I know a common pervasive negative stereotype for autistic people is that we lack social skills, and whilst that had been true of me in the past, all my improv training had allowed me to develop those skills, and helped me excel in the customer service side of being a tour guide. Then, being autistic was an asset for me as a tour guide, because I treated San Francisco history and trivia as a special interest, and that allowed me to retain and recall the information I learned pretty easily. In fact, though I didn’t often mention being autistic on tour, one time that I did led to receiving a thank you note from a couple of my night tour guests, who mentioned they were mothers of “special needs” kids. Representation matters.

I miss my colleagues. Other tour guides, the drivers, customer service representatives, and managers. It felt like family. They kept me going and working smoothly even during the most difficult time of my life. Some of us tour guides have been having a weekly zoom call pretty much since we were all laid off about a year ago, but it’s not the same. And one of the tour guides who trained me passed away in January, so I’ll never get to see him again. I don’t think I had a single colleague who disliked me. I’m reminded of the single time I had a guest who strongly hated my tour—so much so that he complained in multiple ways that it seemed like he tried to get me fired, all because he thought I had too many movie references and didn’t have enough military history when we went to Treasure Island (to be honest I think he probably started hating me because I shared San Francisco’s LGBT history on that tour, but it would’ve been politically incorrect for him to have complained about that). All my colleagues gathered around me in support after that, reassuring me that he was just a bitter old man, and to not take his words to heart. I wasn’t punished. I didn’t take his negative words personally, but I did use some of his criticisms constructively. Though he was wrong about me having no military history on the tour, I wound up researching more of it and adding a some extra military history to the tour. You can’t please everyone, but there’s always room from improvement, and even the most negative of people can teach us something if we’re open to learning from the experience.

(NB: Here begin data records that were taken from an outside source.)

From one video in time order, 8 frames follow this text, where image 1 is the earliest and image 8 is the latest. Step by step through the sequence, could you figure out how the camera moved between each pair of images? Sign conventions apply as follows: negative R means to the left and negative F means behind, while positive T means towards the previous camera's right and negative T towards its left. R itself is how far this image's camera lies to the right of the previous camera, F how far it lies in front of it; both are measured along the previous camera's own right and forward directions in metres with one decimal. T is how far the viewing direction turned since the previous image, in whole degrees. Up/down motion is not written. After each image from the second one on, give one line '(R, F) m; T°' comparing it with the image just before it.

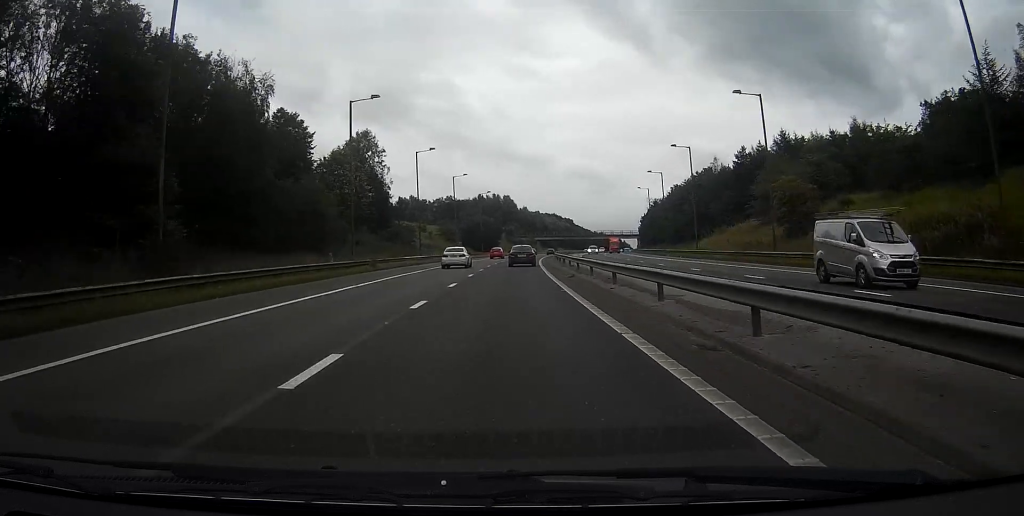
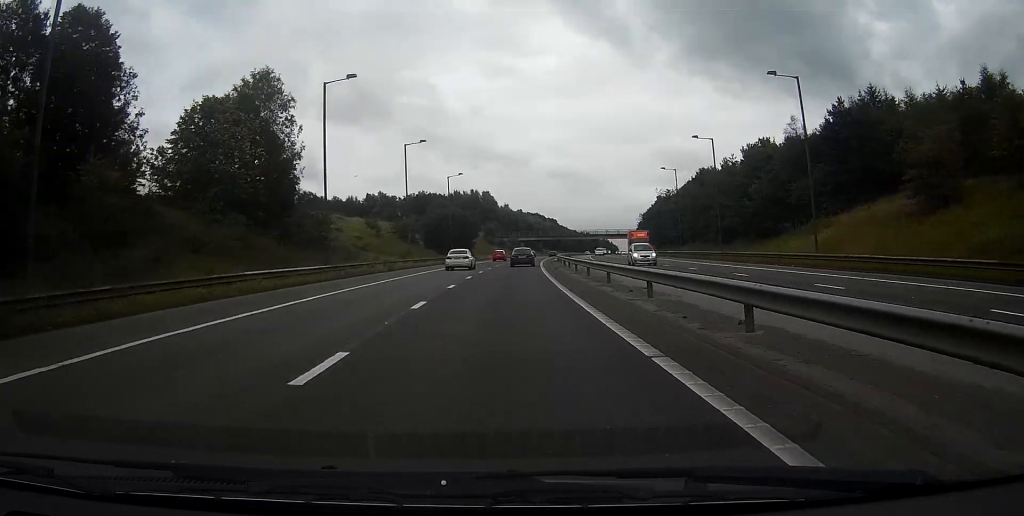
(0.0, +36.3) m; 0°
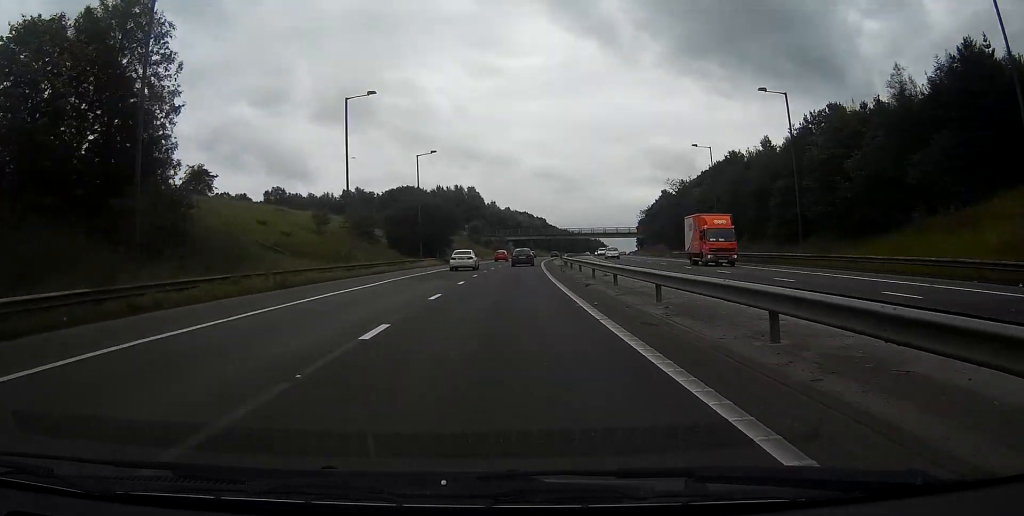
(0.0, +23.7) m; 0°
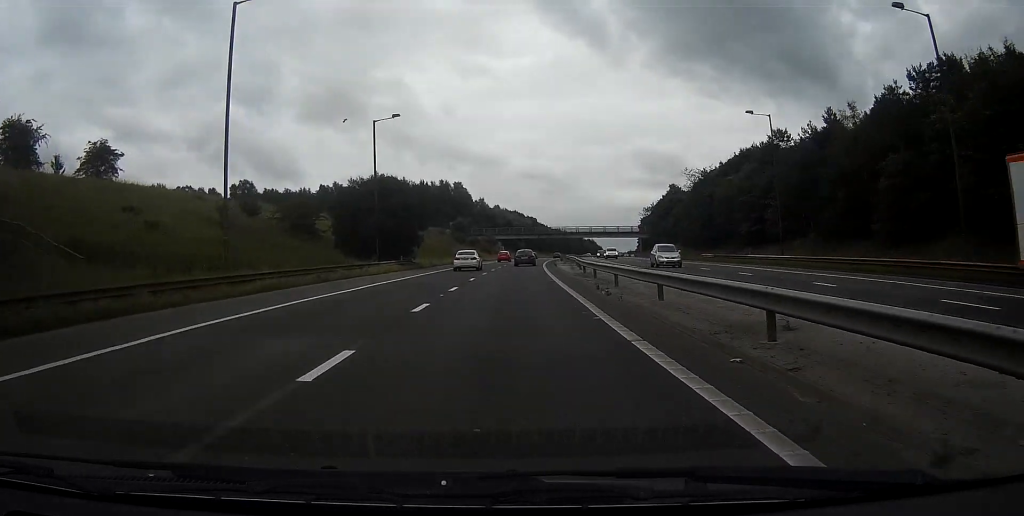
(0.0, +21.7) m; 0°
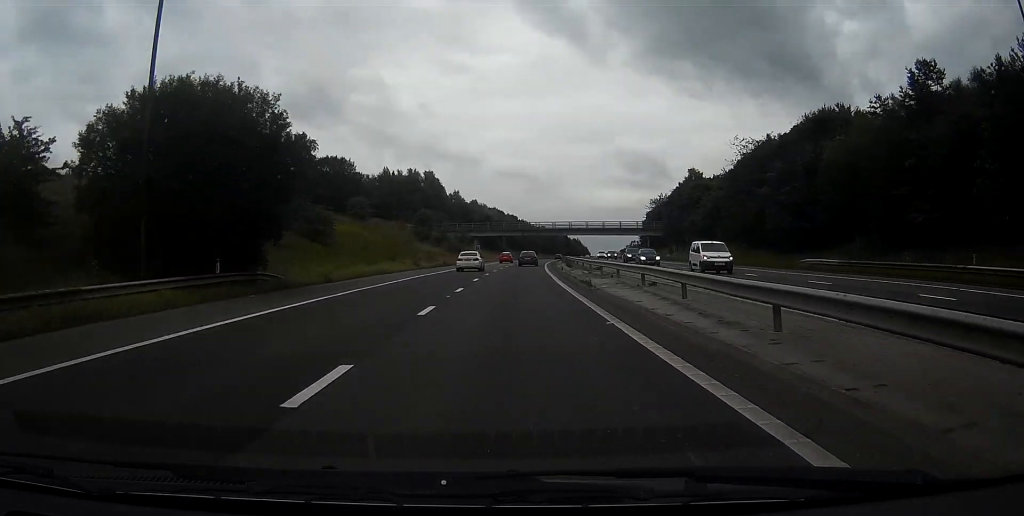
(0.0, +36.3) m; 0°
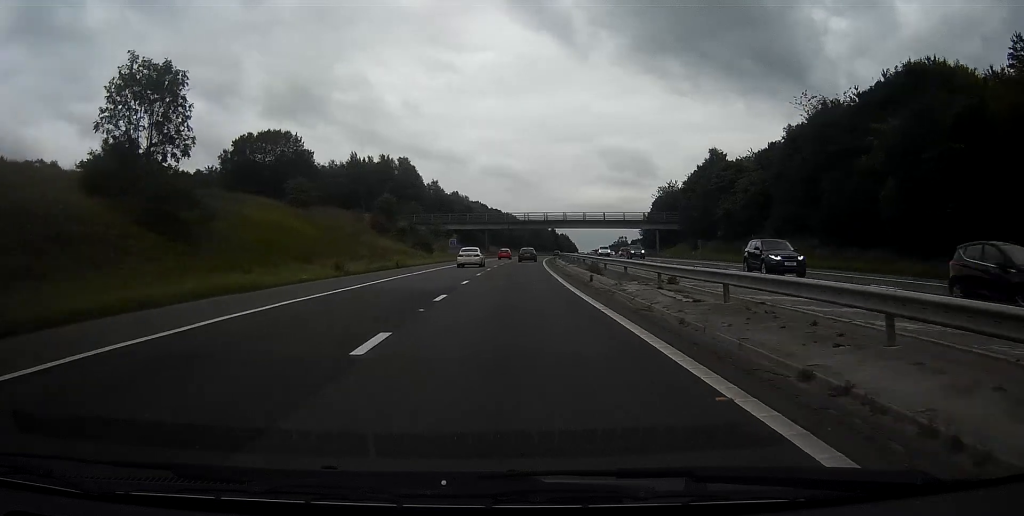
(0.0, +25.0) m; 0°
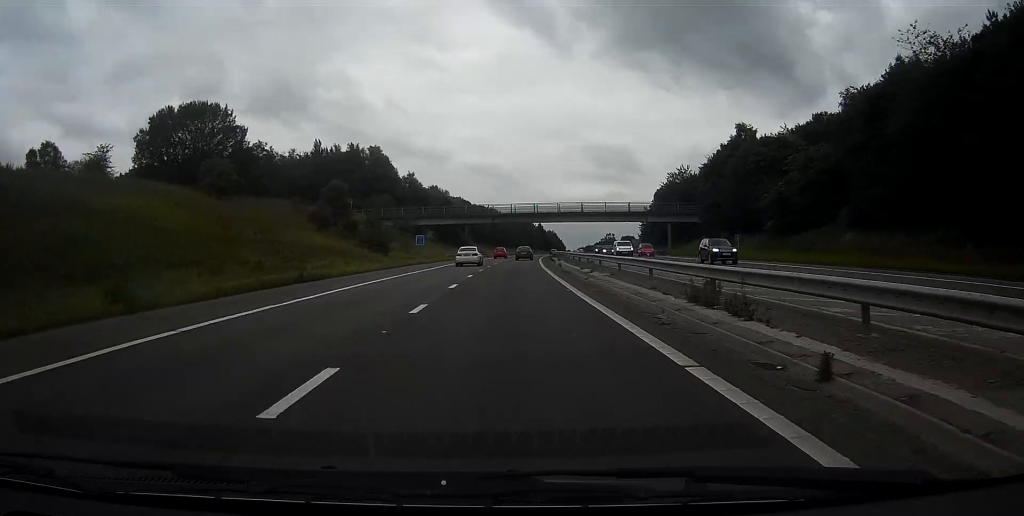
(0.0, +22.0) m; 0°
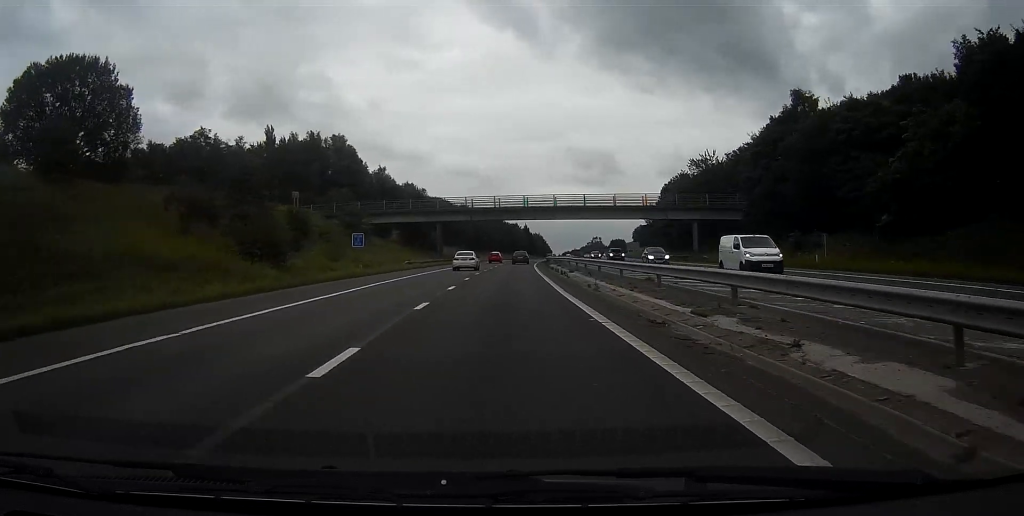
(0.0, +25.1) m; 0°

Though I’m now looking for work in an entirely different field (the last projection anyone suggested to me for when we might be offered our tour guide jobs back was sometime in 2022), I still worry about the future of tourism in San Francisco. How much of what I loved about the city is still there? When will it all come back? Theatre is still non-existent. Restaurants have closed down. Lawrence Ferlinghetti passed away. Cable cars haven’t been running, but they are said to return at some point. Will I even recognise the city, whenever I do go back?

Golden Gate Bridge view from Fort Point (Photo by the author, March 2019)

One thought on “What I Miss About Being a Tour Guide in San Francisco

  1. It’s wonderful to hear how much the city meant to you, and that your passion could be so wonderfully conveyed! I was lucky enough to visit San Francisco a few years ago, and it was unlike any other I’d been to before. Travel has taken a major hit, and it will be the result of major effort if tourism is to be reignited (which I very much hope it will be)!